Create a DataFrame using the train data's columns, and the .feature_importances_ attribute in the model. This will show us a table containing the feature names and their importance in the model. 

In [18]:
# Step 8: Get feature importances of the DecisionTree model
feature_list = X.columns.to_list()
DecTreeModel_df = pd.DataFrame({'feature': feature_list, 'importance': DecTreeCls.feature_importances_})
DecTreeModel_df

Unnamed: 0,feature,importance
0,cap_shape_c,0.000656
1,cap_shape_f,0.000000
2,cap_shape_k,0.000000
3,cap_shape_s,0.000000
4,cap_shape_x,0.000000
...,...,...
90,habitat_l,0.000000
91,habitat_m,0.000000
92,habitat_p,0.000000
93,habitat_u,0.000000


### Step 9: Sort your feature importance DataFrame
Sort DataFrame in a descending order and take the first 20 rows to identify the top features used.

In [19]:
# Step 9: Sort DataFrame by feature importances

DecTreeModel_df.sort_values('importance', ascending = False).head(20)

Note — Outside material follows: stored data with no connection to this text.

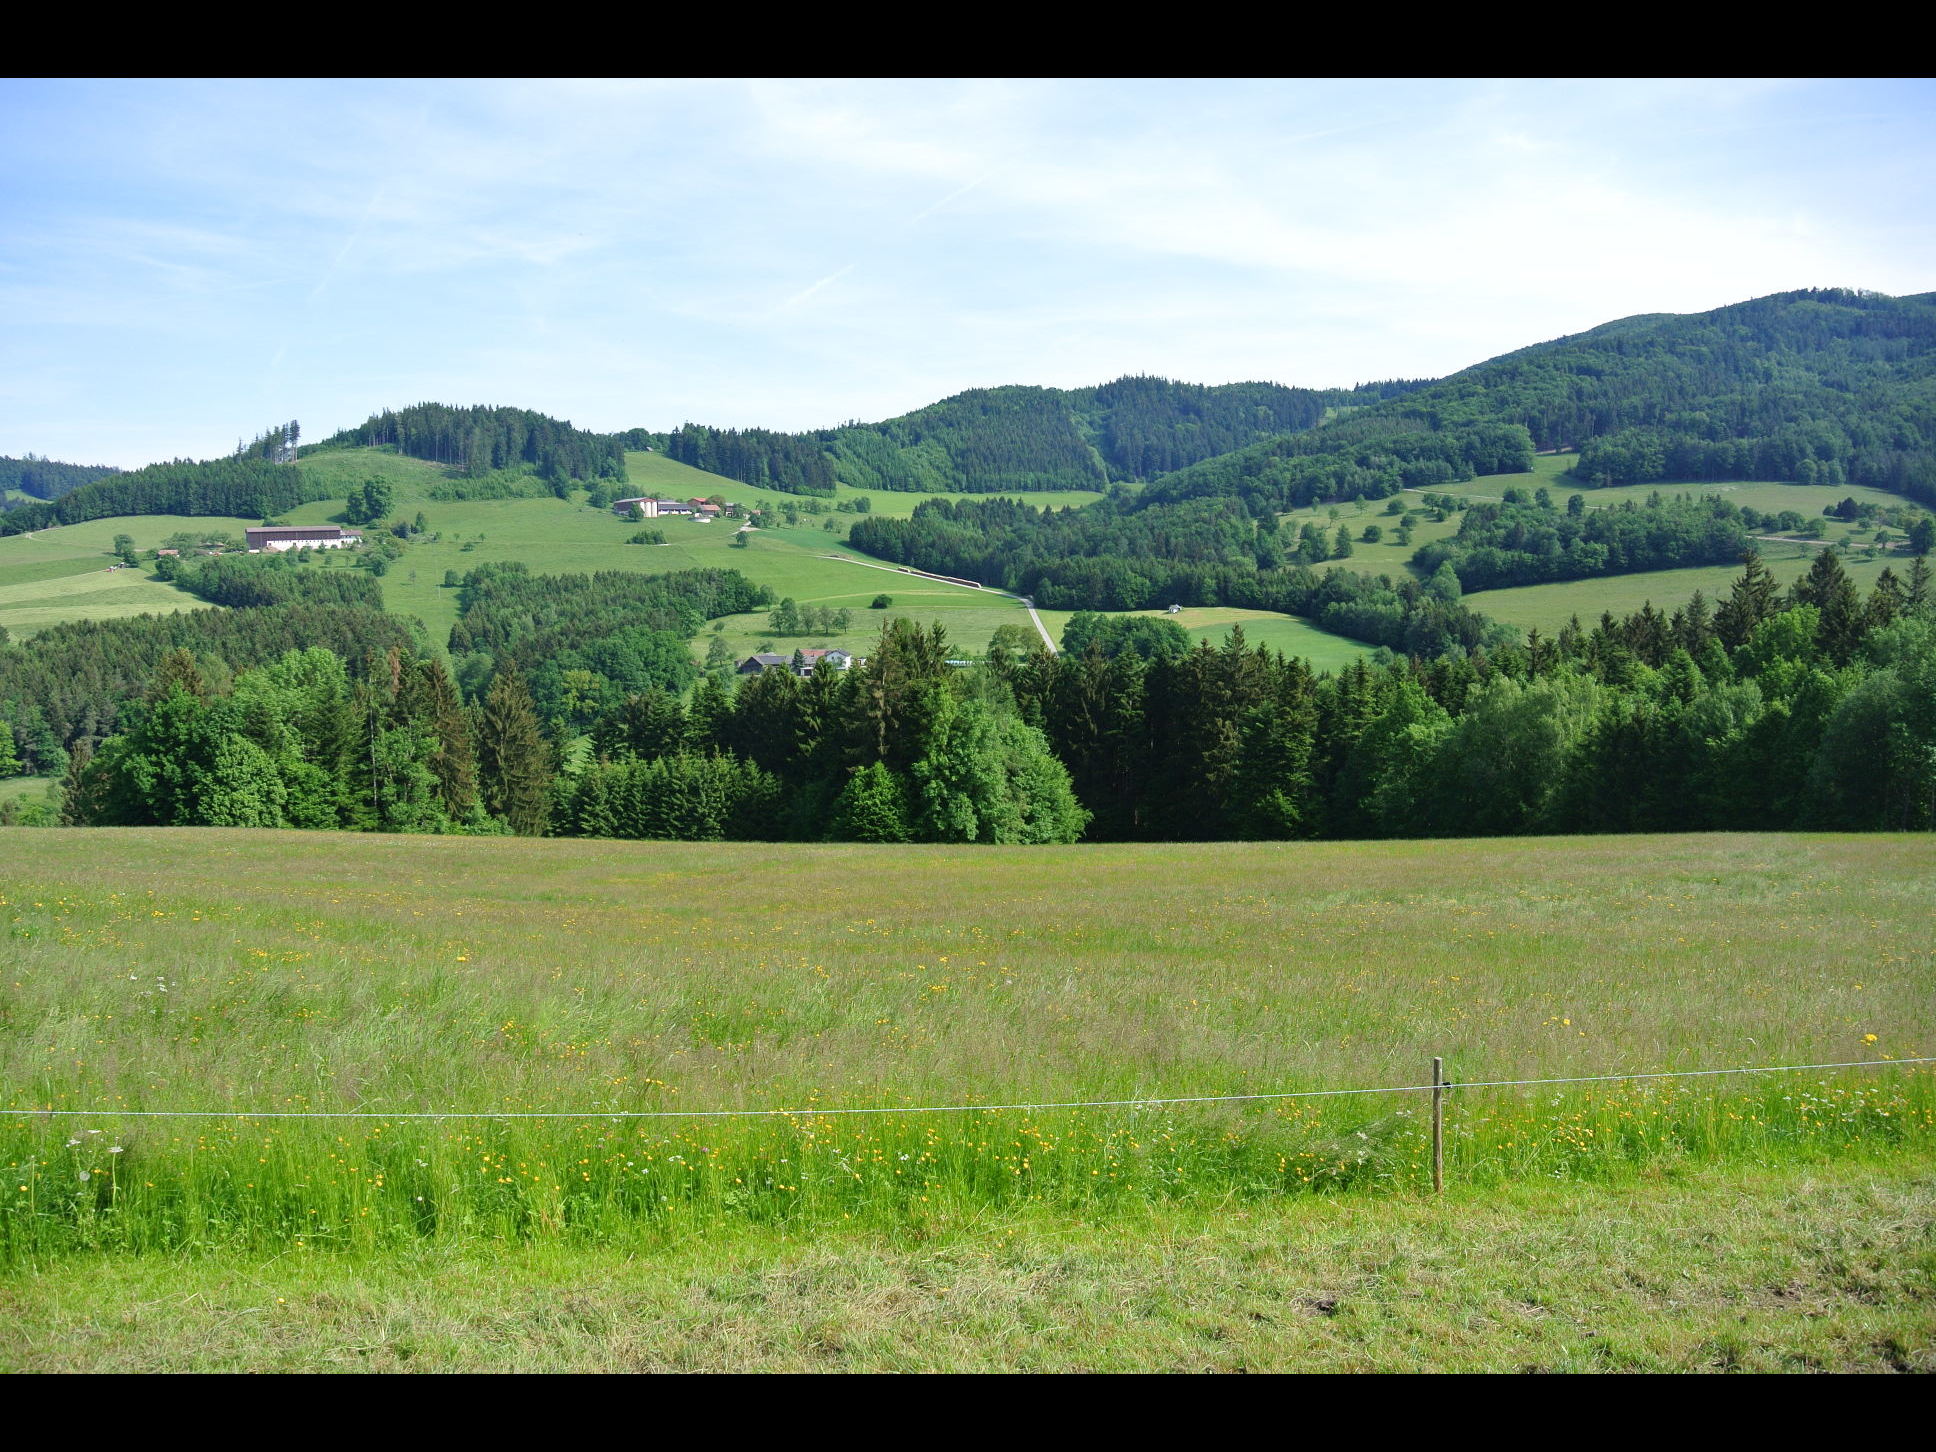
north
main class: Grassland
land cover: Grassland without tree/shrub cover
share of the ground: > 75 %
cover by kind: herbaceous plants 100 %
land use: Agriculture (excluding fallow land and kitchen gardens)
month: May
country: AT
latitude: 48.0522
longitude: 15.8120
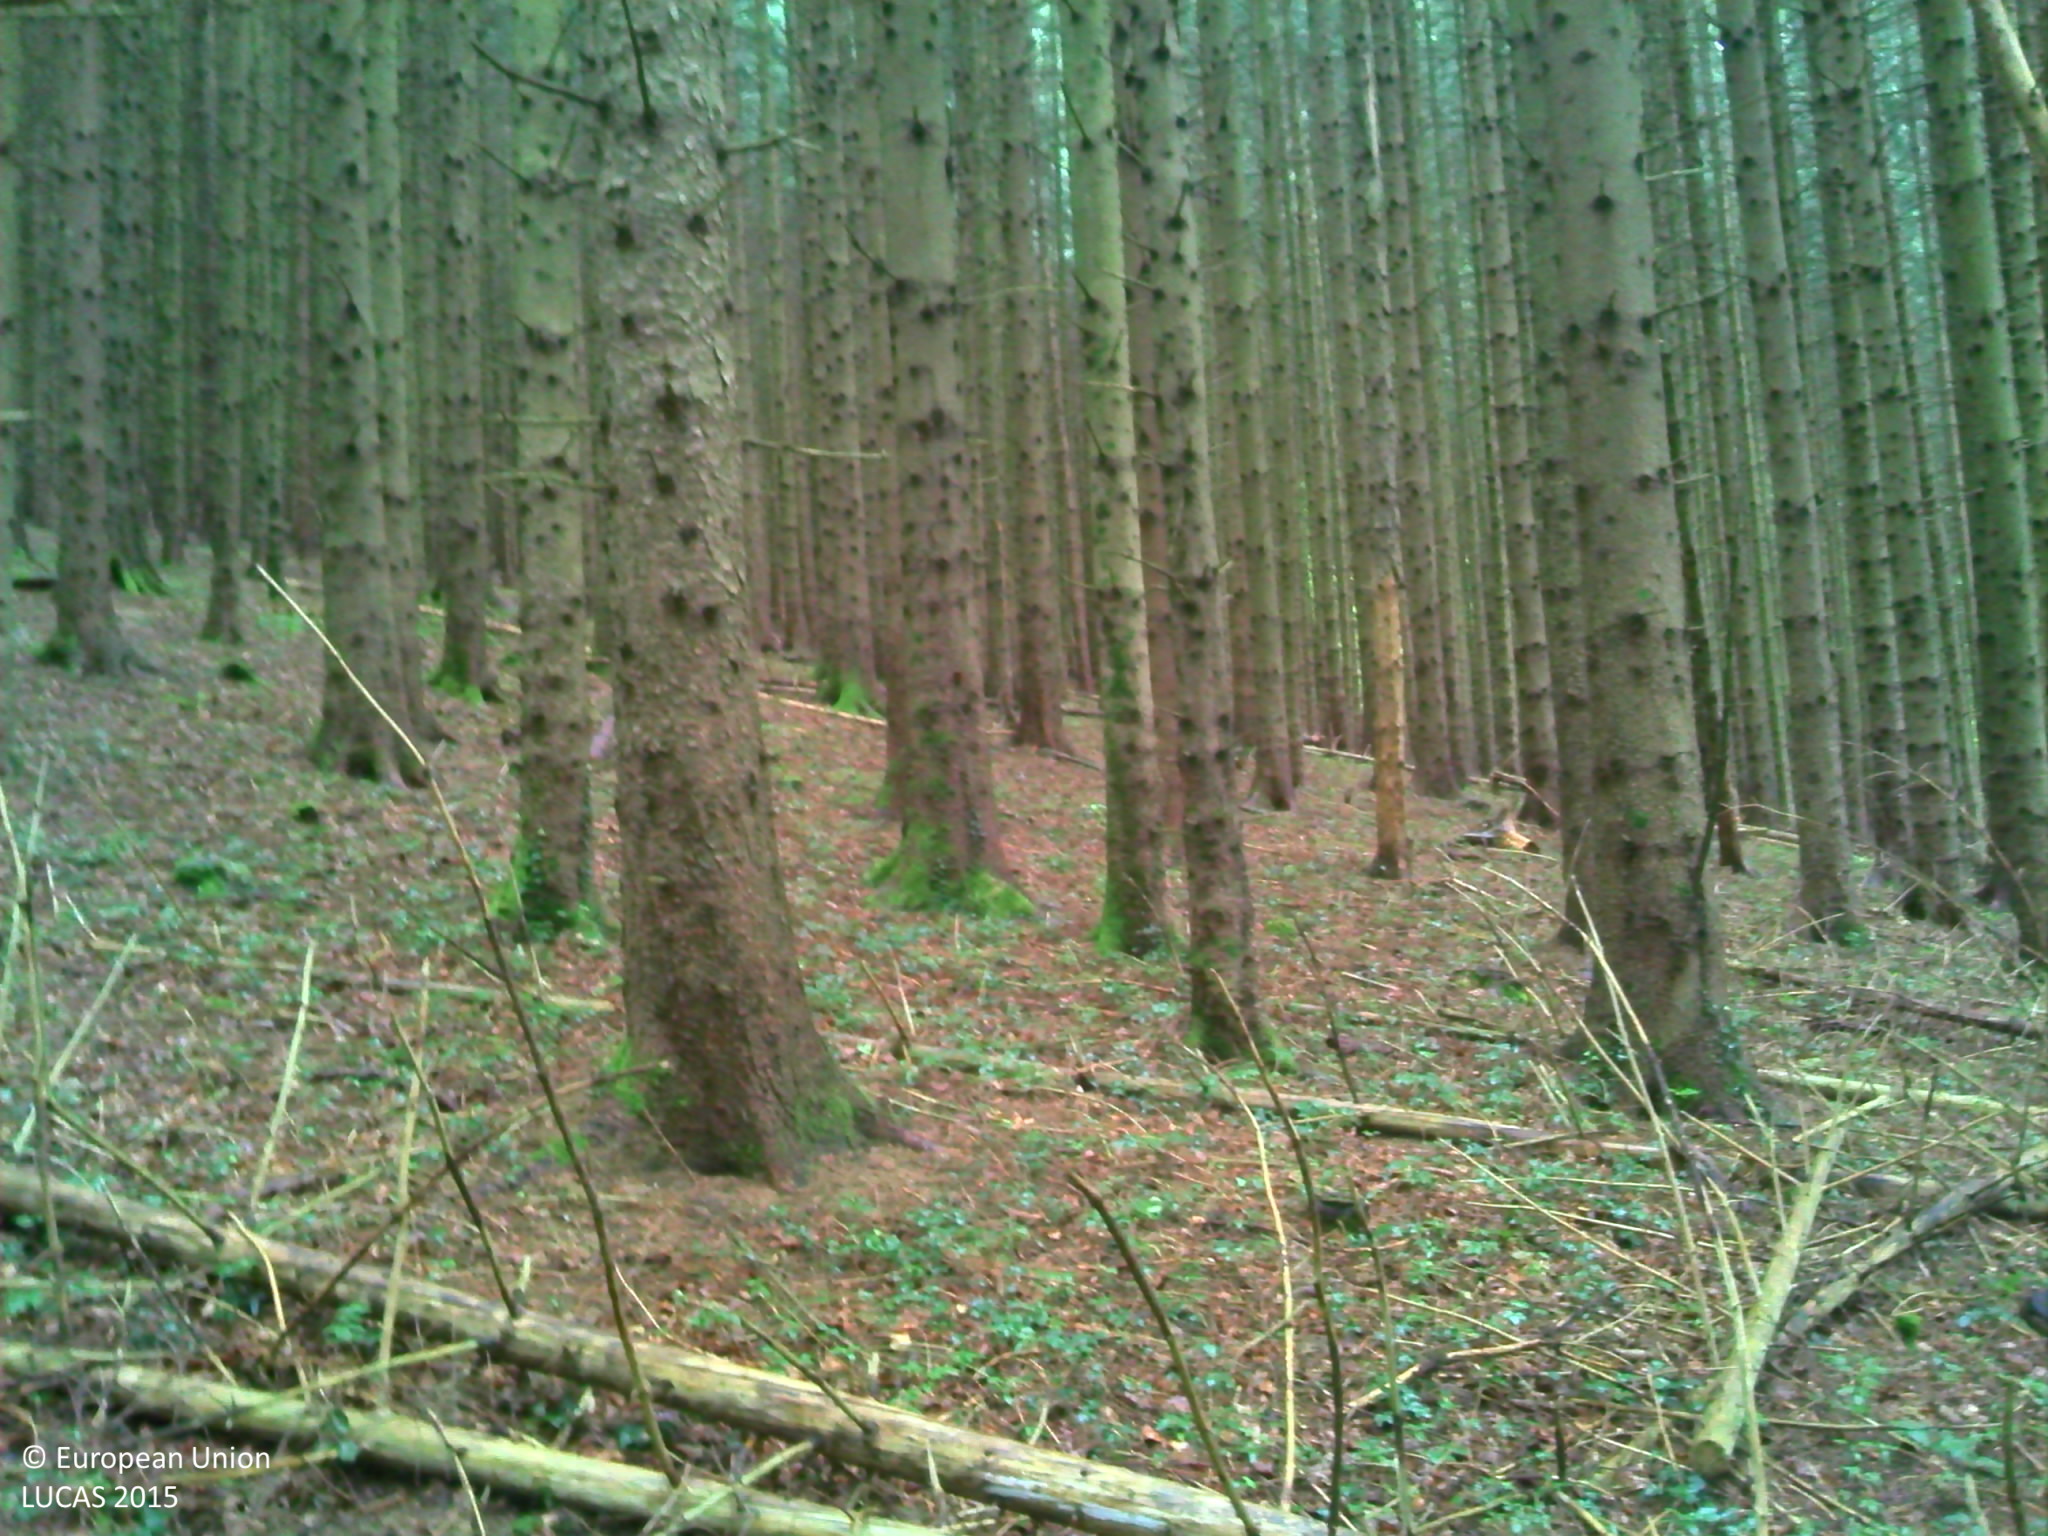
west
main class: Woodland
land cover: Spruce dominated coniferous woodland
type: alpine coniferous forest
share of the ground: > 75 %
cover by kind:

Unnamed: 0,feature,importance
22,odor_n,0.610568
42,stalk_root_c,0.179056
44,stalk_root_r,0.086905
80,spore_print_color_r,0.033042
20,odor_l,0.022798
46,stalk_surface_above_ring_s,0.017747
50,stalk_surface_below_ring_y,0.016341
81,spore_print_color_u,0.011617
40,stalk_shape_t,0.008966
88,population_y,0.006231


It seems the interesting observation we made about odorless mushrooms having a high chance of being edible is reflected here.

Looks like it is the feature that is the most useful in building the tree, and it seems like odor is the most crucial feature in determining whether or not a mushroom is edible.